The Mountains and the Sand

Mountains
One of the interesting studies available to students of geology is the way in which various structures on the surface of the Earth are formed. Where does sand come from and what message does it carry for us? Where we live in the Great Lakes area, there are massive amounts of sand. Areas to the south of us have lots of rocks, but relatively small amounts of sand compared to our area. This has not always been true, however, because deep underground in that area there are massive amounts of sandstone–the same sand we have around the Great Lakes but cemented together into rock.

Sand can be produced by the smashing of rocks. In places like Hawaii, there are beaches made up of black lava pounded into sand by the waves. There are even green and pink sand beaches made from rocks that contain colored minerals like olivine. Most sand, however, is made of quartz and is the by-product of the breakdown of volcanic rocks. Granite is made up of three basic minerals: orthoclase, hornblende, and quartz. There can be smaller amounts of other materials, but these are the dominant ones. These minerals have different hardness levels and are eroded at different rates. Orthoclase is quite easy to erode and has a pinkish color to it. This material erodes to become clay. The dark colored hornblende is also fairly easy to weather and erode. Quartz is extremely hard and durable. The result is that when weather and physical processes work on granite, the orthoclase and hornblende are carried away and what is left is quartz sand.

The massive amount of sand seen around the Great Lakes has come mainly from the granite that makes up the Canadian shield–the bedrock underlying much of North America. Any mountainous area will ultimately be reduced to nothing more than sand. One lesson that comes from mountains and sand is that nothing in this physical world is permanent. Jesus stated this eloquently when He said, “Do not store up for yourselves treasures on earth where moth and rust destroy, and where thieves break through and steal. But store up for yourselves treasures in heaven, where moth and rust do not destroy, and where thieves do not break in and steal. For where your treasure is, there your heart will be also” (Matthew 6:19, 20).

When I studied geology at Notre Dame University, we had a professor who would take us on a field trip to the cemetery. Headstones erected in the early 1800s already had disintegrated into piles of sand. One has to be reminded of James 4: 14, “What is your life? You are a mist that appears for a little while and then vanishes.”

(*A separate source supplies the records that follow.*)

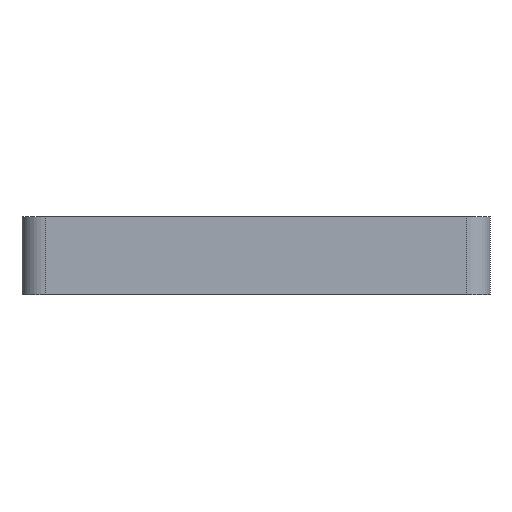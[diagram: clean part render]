
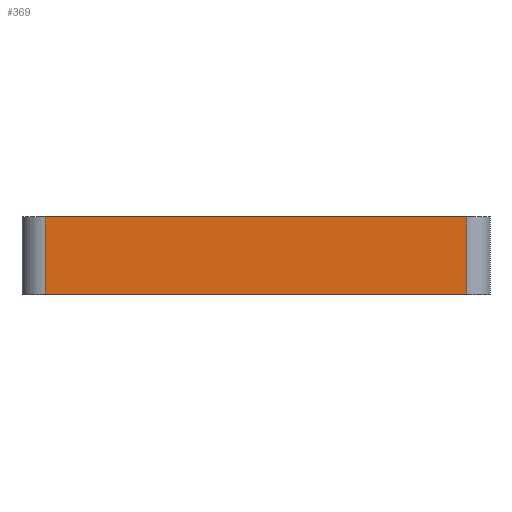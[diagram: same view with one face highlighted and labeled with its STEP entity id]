
A CAD part, front view. The second image highlights one B-rep face of the part: STEP entity #369.
In plain terms, the highlighted planar face has unit normal (0, -1, 0).
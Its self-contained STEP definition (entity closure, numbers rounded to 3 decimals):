
#72 = PLANE('',#73);
#73 = AXIS2_PLACEMENT_3D('',#74,#75,#76);
#74 = CARTESIAN_POINT('',(-135.,250.,50.));
#75 = DIRECTION('',(0.,0.,1.));
#76 = DIRECTION('',(1.,0.,0.));
#126 = PLANE('',#127);
#127 = AXIS2_PLACEMENT_3D('',#128,#129,#130);
#128 = CARTESIAN_POINT('',(-135.,250.,0.));
#129 = DIRECTION('',(0.,0.,1.));
#130 = DIRECTION('',(1.,0.,0.));
#259 = CYLINDRICAL_SURFACE('',#260,15.);
#260 = AXIS2_PLACEMENT_3D('',#261,#262,#263);
#261 = CARTESIAN_POINT('',(135.,-235.,0.));
#262 = DIRECTION('',(-0.,-0.,-1.));
#263 = DIRECTION('',(1.,0.,0.));
#295 = EDGE_CURVE('',#296,#298,#300,.T.);
#296 = VERTEX_POINT('',#297);
#297 = CARTESIAN_POINT('',(135.,-250.,0.));
#298 = VERTEX_POINT('',#299);
#299 = CARTESIAN_POINT('',(135.,-250.,50.));
#300 = SURFACE_CURVE('',#301,(#305,#312),.PCURVE_S1.);
#301 = LINE('',#302,#303);
#302 = CARTESIAN_POINT('',(135.,-250.,0.));
#303 = VECTOR('',#304,1.);
#304 = DIRECTION('',(0.,0.,1.));
#305 = PCURVE('',#259,#306);
#306 = DEFINITIONAL_REPRESENTATION('',(#307),#311);
#307 = LINE('',#308,#309);
#308 = CARTESIAN_POINT('',(-4.712,0.));
#309 = VECTOR('',#310,1.);
#310 = DIRECTION('',(-0.,-1.));
#311 = ( GEOMETRIC_REPRESENTATION_CONTEXT(2) 
PARAMETRIC_REPRESENTATION_CONTEXT() REPRESENTATION_CONTEXT('2D SPACE',''
  ) );
#312 = PCURVE('',#313,#318);
#313 = PLANE('',#314);
#314 = AXIS2_PLACEMENT_3D('',#315,#316,#317);
#315 = CARTESIAN_POINT('',(135.,-250.,0.));
#316 = DIRECTION('',(0.,-1.,0.));
#317 = DIRECTION('',(-1.,0.,0.));
#318 = DEFINITIONAL_REPRESENTATION('',(#319),#323);
#319 = LINE('',#320,#321);
#320 = CARTESIAN_POINT('',(0.,-0.));
#321 = VECTOR('',#322,1.);
#322 = DIRECTION('',(0.,-1.));
#323 = ( GEOMETRIC_REPRESENTATION_CONTEXT(2) 
PARAMETRIC_REPRESENTATION_CONTEXT() REPRESENTATION_CONTEXT('2D SPACE',''
  ) );
#369 = ADVANCED_FACE('',(#370),#313,.T.);
#370 = FACE_BOUND('',#371,.T.);
#371 = EDGE_LOOP('',(#372,#373,#396,#424));
#372 = ORIENTED_EDGE('',*,*,#295,.T.);
#373 = ORIENTED_EDGE('',*,*,#374,.T.);
#374 = EDGE_CURVE('',#298,#375,#377,.T.);
#375 = VERTEX_POINT('',#376);
#376 = CARTESIAN_POINT('',(-135.,-250.,50.));
#377 = SURFACE_CURVE('',#378,(#382,#389),.PCURVE_S1.);
#378 = LINE('',#379,#380);
#379 = CARTESIAN_POINT('',(135.,-250.,50.));
#380 = VECTOR('',#381,1.);
#381 = DIRECTION('',(-1.,0.,0.));
#382 = PCURVE('',#313,#383);
#383 = DEFINITIONAL_REPRESENTATION('',(#384),#388);
#384 = LINE('',#385,#386);
#385 = CARTESIAN_POINT('',(0.,-50.));
#386 = VECTOR('',#387,1.);
#387 = DIRECTION('',(1.,0.));
#388 = ( GEOMETRIC_REPRESENTATION_CONTEXT(2) 
PARAMETRIC_REPRESENTATION_CONTEXT() REPRESENTATION_CONTEXT('2D SPACE',''
  ) );
#389 = PCURVE('',#72,#390);
#390 = DEFINITIONAL_REPRESENTATION('',(#391),#395);
#391 = LINE('',#392,#393);
#392 = CARTESIAN_POINT('',(270.,-500.));
#393 = VECTOR('',#394,1.);
#394 = DIRECTION('',(-1.,0.));
#395 = ( GEOMETRIC_REPRESENTATION_CONTEXT(2) 
PARAMETRIC_REPRESENTATION_CONTEXT() REPRESENTATION_CONTEXT('2D SPACE',''
  ) );
#396 = ORIENTED_EDGE('',*,*,#397,.F.);
#397 = EDGE_CURVE('',#398,#375,#400,.T.);
#398 = VERTEX_POINT('',#399);
#399 = CARTESIAN_POINT('',(-135.,-250.,0.));
#400 = SURFACE_CURVE('',#401,(#405,#412),.PCURVE_S1.);
#401 = LINE('',#402,#403);
#402 = CARTESIAN_POINT('',(-135.,-250.,0.));
#403 = VECTOR('',#404,1.);
#404 = DIRECTION('',(0.,0.,1.));
#405 = PCURVE('',#313,#406);
#406 = DEFINITIONAL_REPRESENTATION('',(#407),#411);
#407 = LINE('',#408,#409);
#408 = CARTESIAN_POINT('',(270.,0.));
#409 = VECTOR('',#410,1.);
#410 = DIRECTION('',(0.,-1.));
#411 = ( GEOMETRIC_REPRESENTATION_CONTEXT(2) 
PARAMETRIC_REPRESENTATION_CONTEXT() REPRESENTATION_CONTEXT('2D SPACE',''
  ) );
#412 = PCURVE('',#413,#418);
#413 = CYLINDRICAL_SURFACE('',#414,15.);
#414 = AXIS2_PLACEMENT_3D('',#415,#416,#417);
#415 = CARTESIAN_POINT('',(-135.,-235.,0.));
#416 = DIRECTION('',(-0.,-0.,-1.));
#417 = DIRECTION('',(1.,0.,0.));
#418 = DEFINITIONAL_REPRESENTATION('',(#419),#423);
#419 = LINE('',#420,#421);
#420 = CARTESIAN_POINT('',(-4.712,0.));
#421 = VECTOR('',#422,1.);
#422 = DIRECTION('',(-0.,-1.));
#423 = ( GEOMETRIC_REPRESENTATION_CONTEXT(2) 
PARAMETRIC_REPRESENTATION_CONTEXT() REPRESENTATION_CONTEXT('2D SPACE',''
  ) );
#424 = ORIENTED_EDGE('',*,*,#425,.F.);
#425 = EDGE_CURVE('',#296,#398,#426,.T.);
#426 = SURFACE_CURVE('',#427,(#431,#438),.PCURVE_S1.);
#427 = LINE('',#428,#429);
#428 = CARTESIAN_POINT('',(135.,-250.,0.));
#429 = VECTOR('',#430,1.);
#430 = DIRECTION('',(-1.,0.,0.));
#431 = PCURVE('',#313,#432);
#432 = DEFINITIONAL_REPRESENTATION('',(#433),#437);
#433 = LINE('',#434,#435);
#434 = CARTESIAN_POINT('',(0.,-0.));
#435 = VECTOR('',#436,1.);
#436 = DIRECTION('',(1.,0.));
#437 = ( GEOMETRIC_REPRESENTATION_CONTEXT(2) 
PARAMETRIC_REPRESENTATION_CONTEXT() REPRESENTATION_CONTEXT('2D SPACE',''
  ) );
#438 = PCURVE('',#126,#439);
#439 = DEFINITIONAL_REPRESENTATION('',(#440),#444);
#440 = LINE('',#441,#442);
#441 = CARTESIAN_POINT('',(270.,-500.));
#442 = VECTOR('',#443,1.);
#443 = DIRECTION('',(-1.,0.));
#444 = ( GEOMETRIC_REPRESENTATION_CONTEXT(2) 
PARAMETRIC_REPRESENTATION_CONTEXT() REPRESENTATION_CONTEXT('2D SPACE',''
  ) );

Through all of this, however, there is the message of purpose and design by God. The mixture of sand, hornblende, and clay lead to soil. Life could not exist on a planet made of rock that could not be eroded. The waters that erode the granite sustain life, and the erosion process produces the topsoil that feeds us. The change of mountains into sand makes Earth a vibrant, living thing of beauty. So too, our lives can be beautiful if we allow God to mold and shape us. That is one of the key messages of 1 Corinthians 15:51-55. As the writer tells us about the most beautiful change of all:

“Listen, I tell you a mystery. We will not all sleep, but we will all be changed—in a flash, in the twinkling of an eye, at the last trumpet. For the trumpet will sound, the dead will all be raised imperishable, and we will be changed. For the perishable must be clothed with the imperishable, and the mortal with immortality. When the perishable has been clothed with the imperishable, and the mortal with immortality, then the saying that is written will come true: “Death has been swallowed up in victory.”